Jika seseorang dipaksa untuk meninggalkan shalat, dilarang untuk shalat dengan isyarat, atau dipaksa untuk melakukan hal-hal yang tidak memungkinkan baginya shalat, maka dia termasuk orang yang mendapatkan keringanan untuk menangguhkan shalat hingga habis batas waktu yang ditentukan. Namun, jika dia mampu mendirikan shalat meskipun dengan isyarat, maka wajib baginya untuk shalat pada waktunya dan tidak ada kewajibab atasnya untuk mengulangi shalat yang dia kerjakan hanya dengan isyarat.

3. Menjama’ dua shalat

Orang yang menjama’ dua shalat dengan jama’ ta’khir, maka dia mengerjakan shalat pertama di waktu shalat kedua. Bentuk pelaksanaan shalat ini, seakan-akan dia menangguhkan shalat yang telah tiba waktunya hingga keluar waktu shalat yang telah ditentukan.

4. Takut yang berlebih

Jika seseorang sedang ketakutan yang berlebih, sehingga dia tidak mampu shalat meskipun hanya dengan hatinya, maka dia mendapatkan keringanan untuk menangguhkan shalat meskipun sampai habis waktu yang telah ditentukan, karena jika dia nekat untuk shalat, maka dia tidak menyadari apa yang dia ucapkan dan lakukan, seperti halnya Nabi -shalallohu alaihi wa sallam- yang shalat ashar saat tenggelamnya matahari saat perang Khandak.
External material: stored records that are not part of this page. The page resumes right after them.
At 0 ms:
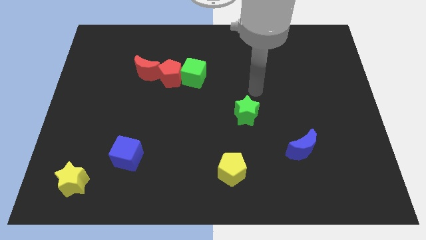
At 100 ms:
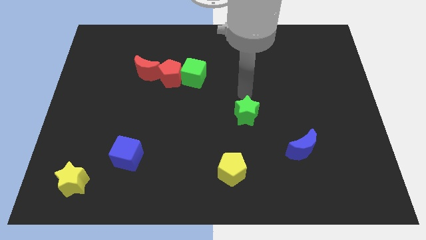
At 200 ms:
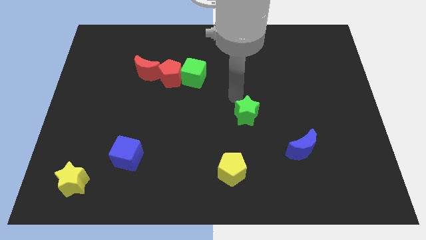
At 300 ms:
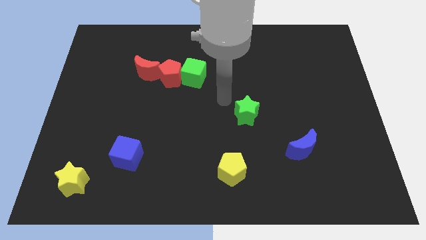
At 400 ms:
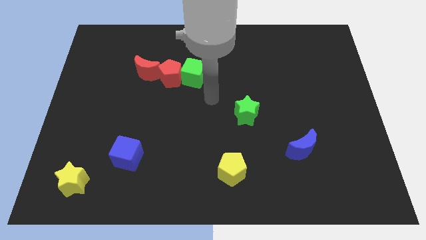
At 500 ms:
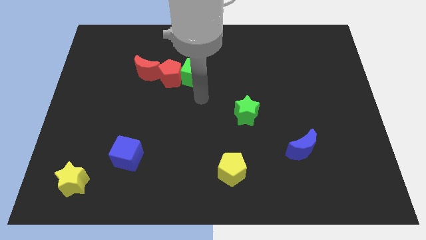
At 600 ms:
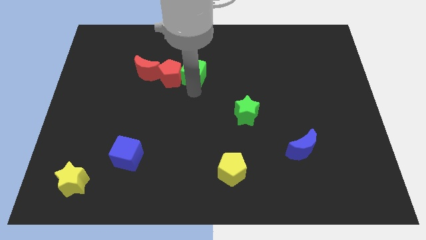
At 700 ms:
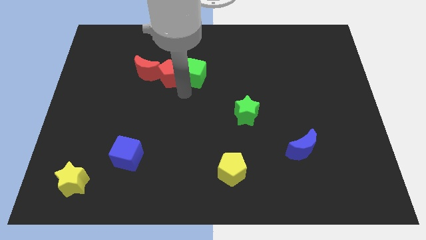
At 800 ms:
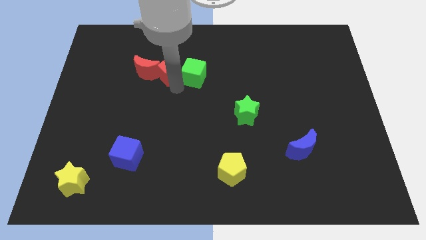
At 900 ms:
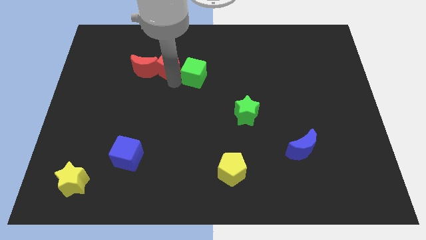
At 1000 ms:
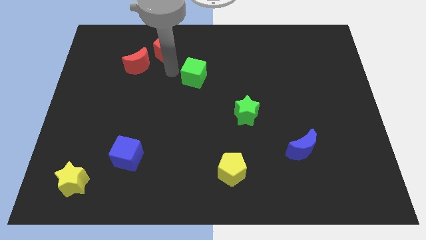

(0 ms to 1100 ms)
move the green cube away from the red pentagon

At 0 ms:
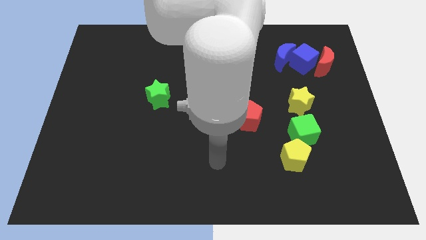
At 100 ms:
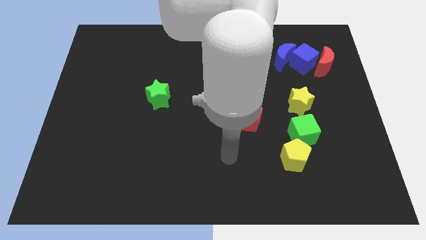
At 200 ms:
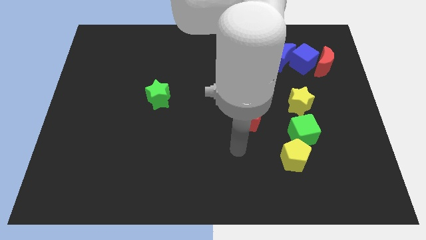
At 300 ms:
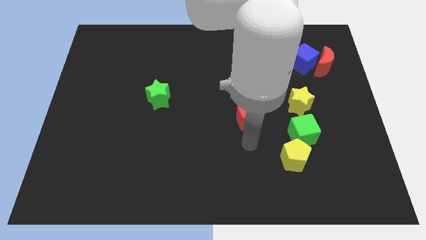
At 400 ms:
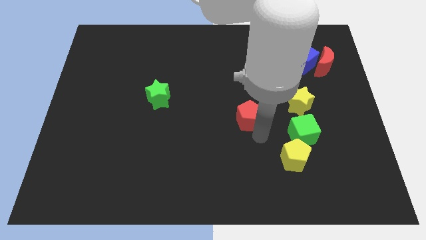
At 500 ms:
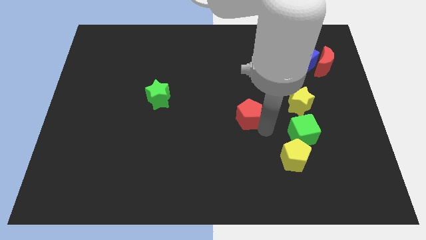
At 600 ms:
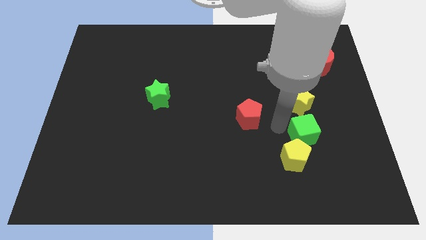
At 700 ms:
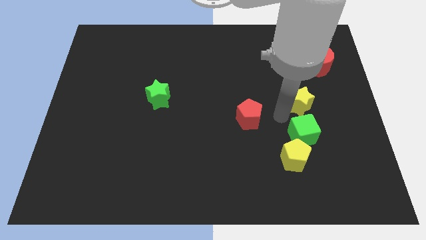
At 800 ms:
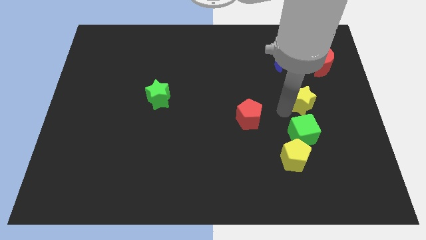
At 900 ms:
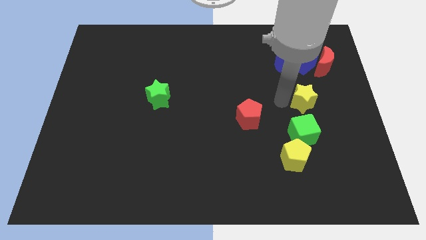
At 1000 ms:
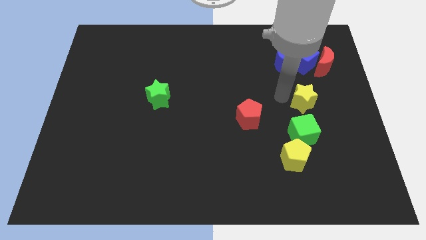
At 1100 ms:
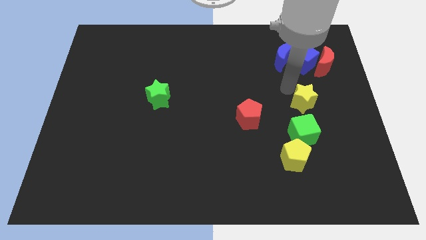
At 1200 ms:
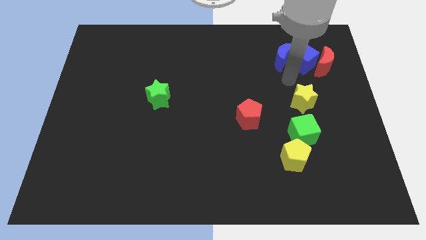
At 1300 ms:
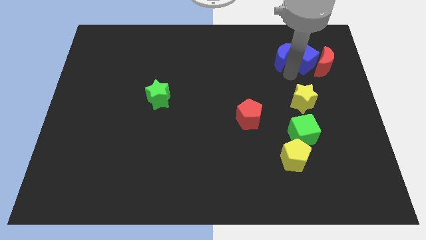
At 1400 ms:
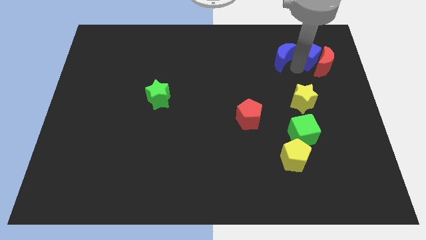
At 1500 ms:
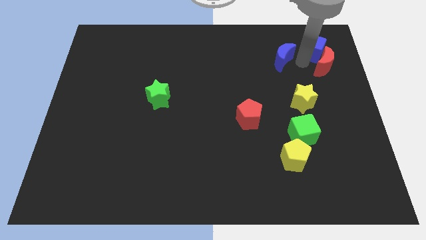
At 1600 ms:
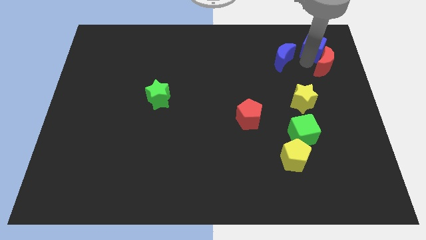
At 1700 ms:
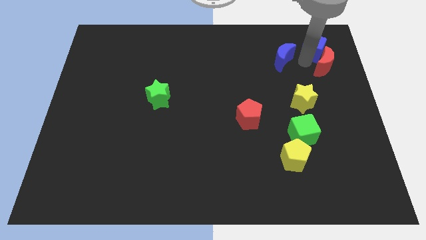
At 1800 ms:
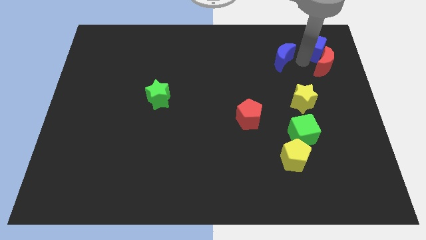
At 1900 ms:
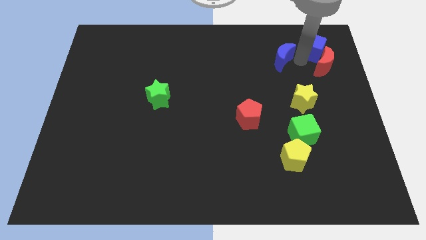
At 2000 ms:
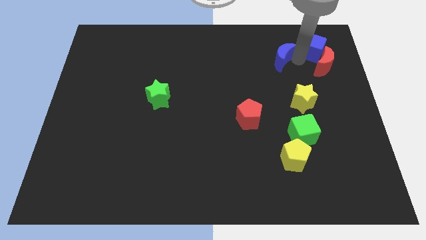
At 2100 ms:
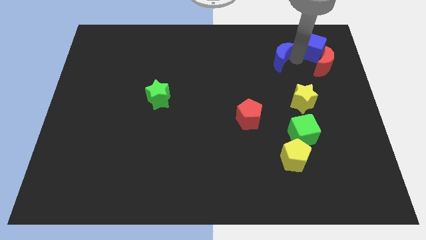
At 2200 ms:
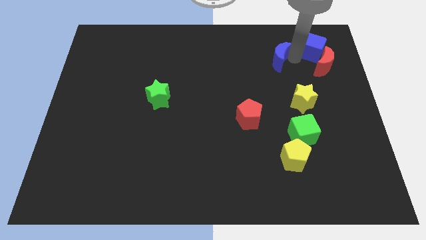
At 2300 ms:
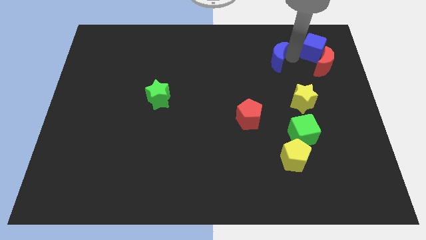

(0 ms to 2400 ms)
move the blue moon away from the blue cube

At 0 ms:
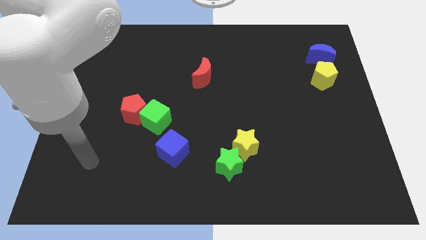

Kedua : menangguhkan shalat hingga sebelum berakhirnya waktu shalat

Jika ada yang bertanya, “Bukankah waktu shalat merupakan kewajiban yang luas waktunya?, bisa dikerjakan selama  batasan waktu yang telah ditentukan syariat masih ada?”

Jawabannya, “Ya, memang benar, bahwa shalat itu kewajiban yang luas waktunya, artinya boleh dikerjakan di akhir waktu. Namun, perlu kita ketahui, bahwa mengerjakan shalat di awal waktu adalah sebuah keutamaan, kecuali shalat isya’, shalat isya dianjurkan untuk diakhirkan jika memang tidak menyebabkan terlewatkannya shalat isya’ dan jama’ah”.

Bahkan Anas bin Malik memandang, bahwa menangguhkan shalat yang telah tiba waktunya hingga sebelum waktu shalat habis adalah perbuatan yang menyelisihi petunjuk Nabi -shalallohu alaihi wa sallam- dan merupakan salah satu bentuk penyia-nyiaan terhadap ibadah shalat.

Dalam sebuah hadits disebutkan, bahwa Zuhri berkata, “Aku mendatangi Anas bin Malik saat beliau di Damasykus, saat itu beliau menangis, lalu aku bertanya kepadanya, “Apa yang menyebabkanmu menangis?”, Beliau menjawab, “Sekarang ini aku tidak menemukan sebuah perkara yang aku temukan pada zaman Nabi -shalallohu alaihi wa sallam- kecuali tinggal perkara shalat saja, namun shalat sekarang ini telah disia-siakan”. (H.R. Bukhari : 530)

Kapan seseorang boleh menangguhkan shalat hingga sebelum waktu shalat ? dan bagaimana hokum shalatnya?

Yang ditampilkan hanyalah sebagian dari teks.